Cove D H, Woods K L, Smith S C, Burnett D, Leonard J, Grieve R J, Howell A
Br J Cancer. 1979 Nov;40(5):710-8. doi: 10.1038/bjc.1979.251.
The clinical usefulness of 8 potential tumour markers has been evaluated in 69 patients with Stage I and II breast cancer and 57 patients with Stage III and IV. Serum CEA concentrations were raised in 13% of patients with local and 65% of those with advanced breast cancer. In patients with clinical evidence of progression or regression of tumour, serum CEA levels changed appropriately in 83% of cases. Taking 4 of the markers (carcinoembryonic antigen (CEA), lactalbumin, alpha subunit and haptoglobin) serum concentrations of one or more were raised in 33% of patients with local disease and 81% of those with advanced breast cancer. However, marker concentrations were often only marginally raised, and are unlikely to provide sensitive guide to tumour burden. CEA, lactalbumin and alpha subunit were detectable in 68%, 43% and 40% respectively of extracts of primary breast cancers.

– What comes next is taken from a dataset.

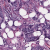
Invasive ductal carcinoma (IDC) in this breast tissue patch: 1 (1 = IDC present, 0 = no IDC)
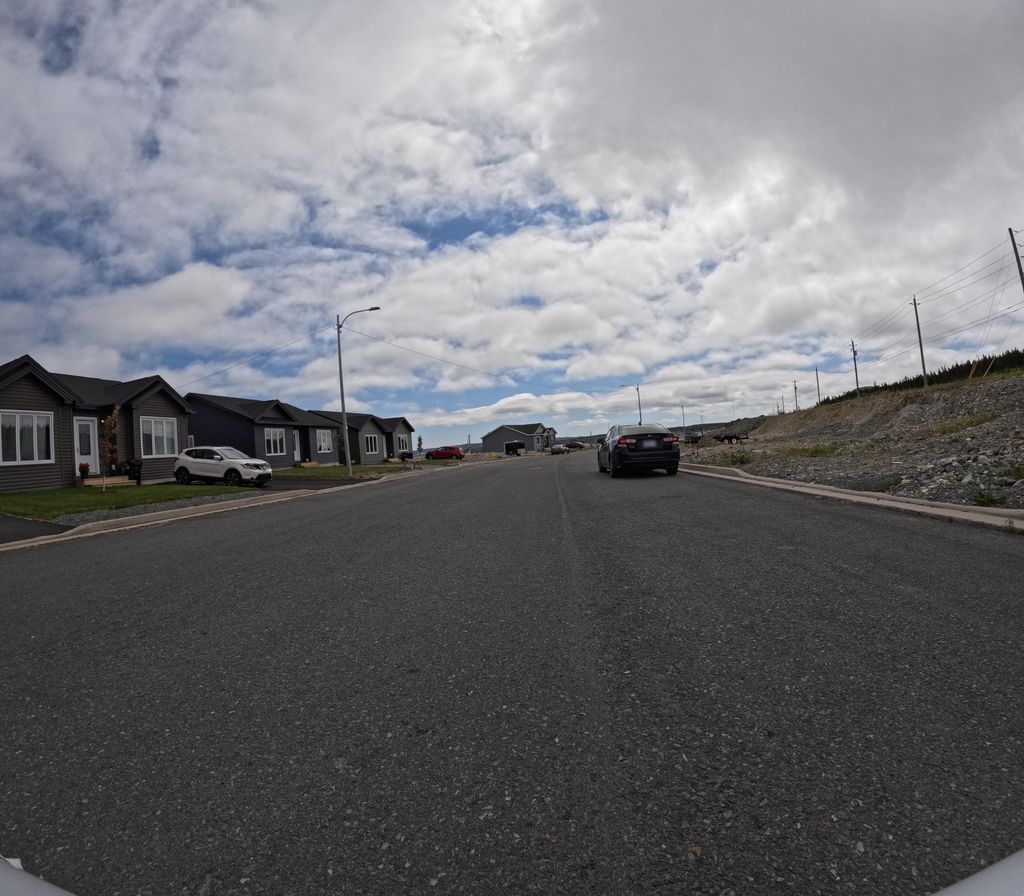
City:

对8种潜在肿瘤标志物在69例Ⅰ期和Ⅱ期乳腺癌患者以及57例Ⅲ期和Ⅳ期患者中的临床应用价值进行了评估。局部乳腺癌患者中13%血清癌胚抗原(CEA)浓度升高,晚期乳腺癌患者中这一比例为65%。在有肿瘤进展或消退临床证据的患者中,83%的病例血清CEA水平有相应变化。采用其中4种标志物(癌胚抗原(CEA)、乳白蛋白、α亚基和触珠蛋白),局部疾病患者中33%一种或多种标志物血清浓度升高,晚期乳腺癌患者中这一比例为81%。然而,标志物浓度通常仅略有升高,不太可能为肿瘤负荷提供敏感的指导。原发性乳腺癌提取物中分别有68%、43%和40%可检测到CEA、乳白蛋白和α亚基。